Hi Folks,
I've been playing with data annotation using clickhouse. Meaning, i have a *very* large dataset (>10Tbyte) that i would like to annotate using the command line client of clickhouse. Now, for small sets of this data this works, but there seems to be a problem that buffers are either too big or clickhouse waits for the input to finish. Either way, it does not seem to work.
Here is an example command:
while true; do echo $(((RANDOM)%2)); done | pv -lc -N "INPUT" | clickhouse-client -q "select input, Name from (Select input from STDIN) any left join (select 0 as input, 'zero' as Name union all select 1 as input, 'one' as Name) using input" --external --file=- --name=STDIN --structure='input UInt8' | pv -lc -N "OUTPUT" > /dev/null
Basically, i input 0 or 1 from the commandline at random, and annotate it with a static table that turns the number into a string. Output looks like this:
1 one
1 one
0 zero
1 one
0 zero
1 one
1 one
0 zero
1 one
0 zero
which is exactly what i am looking for. (well not exactly this, my query is more complicated, but as an example this should do)

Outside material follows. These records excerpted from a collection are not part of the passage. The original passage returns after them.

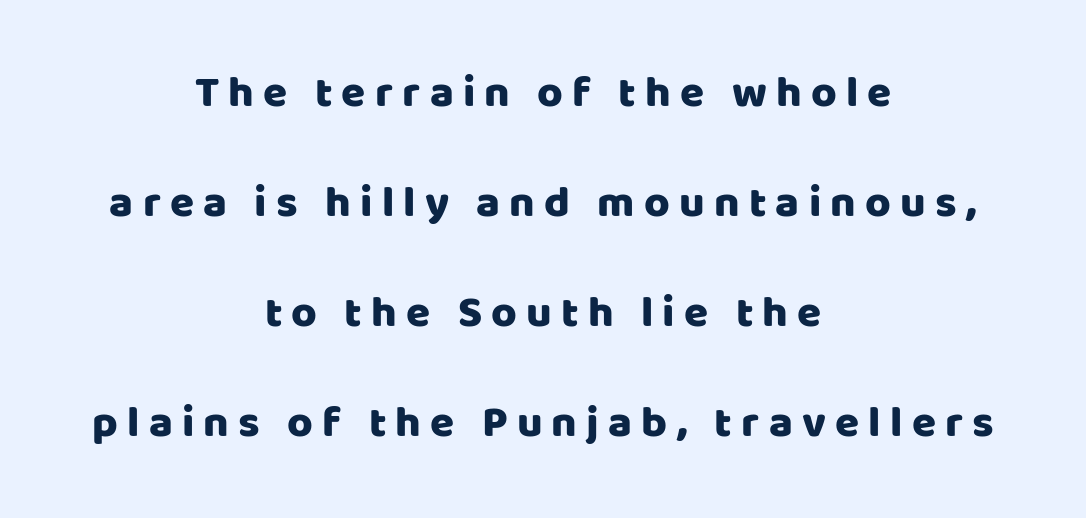
The image shows 44 px sans-serif type, upright; set centered, loose line spacing (2.5x), unusually wide letter spacing (+0.21 em), not underlined; low stroke contrast and a large x-height.
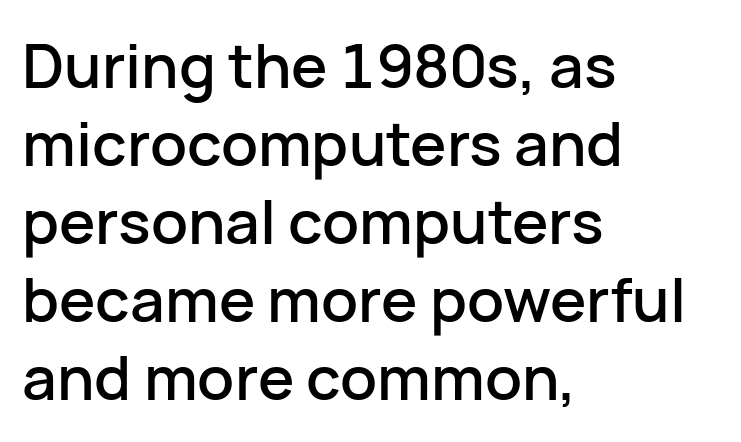
Q: Is the text italic (slanted)? A: No, it is upright.
Q: Is the typeface a serif or a sans-serif typeface? A: Sans-serif.
Q: Is the text underlined? A: No.
Q: How is the paragraph aligned? A: Left-aligned.
Q: Is the spacing between letters normal or unusually wide? A: Normal.
Q: Is the spacing between lines tight, normal or loose? A: Normal.
Q: Width (condensed, normal, or wide)? A: Normal.
Q: Stroke contrast? A: Low.
Q: x-height? A: Medium.
Q: Monospaced? A: No.
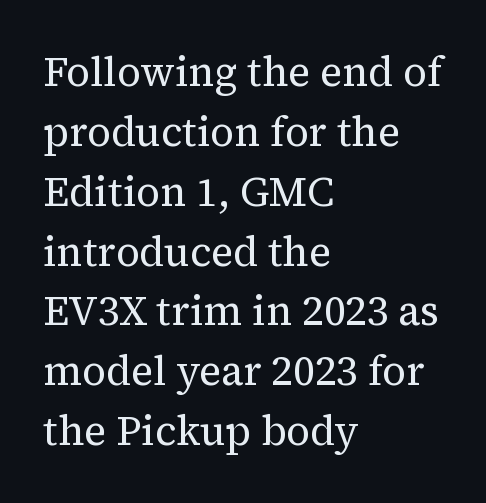
Quick note: not italic, upright. Horizontally, the lines are justified to the leading edge only. Note the varied advance widths — an 'i' is clearly narrower than an 'm'. The weight would be labelled regular, book, light, or lighter still.
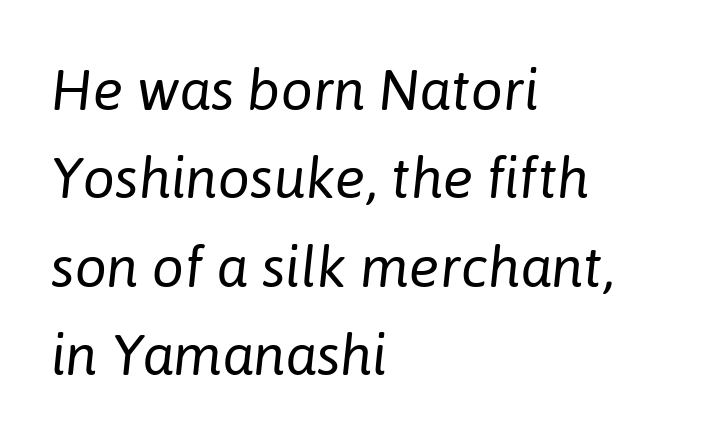
Q: Is the text bold? A: No.
Q: Is the text italic (slanted)? A: Yes, it leans right by about 6 degrees.
Q: Is the text underlined? A: No.
Q: How is the paragraph aligned? A: Left-aligned.
Q: Is the spacing between letters normal or unusually wide? A: Normal.
Q: Is the spacing between lines tight, normal or loose? A: Normal.
Q: Width (condensed, normal, or wide)? A: Normal.
Q: Stroke contrast? A: Low.
Q: x-height? A: Medium.
Q: Monospaced? A: No.
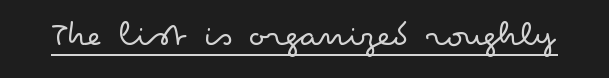
Ink coverage per letter is moderate at most. Characters follow at the spacing the type designer built in. Characters remain perfectly vertical along every line. You could not count columns in this text — the font is proportionally spaced.

When running this indefinitely, clickhouse seems to use a huge internal buffer on this for the results. The memory of the client does not go up, but the servers just eats more and more memory when the result is quite clear after each line has been finished. (after inputing more than 10Gbyte of 0's there is still not a single line out output)
Is there a way to stop the client/server from caching the result and flushing it right away back to STDOUT ?
NOTE: pv is only used here to show the input/output rates. It can be removed at and the command will still run.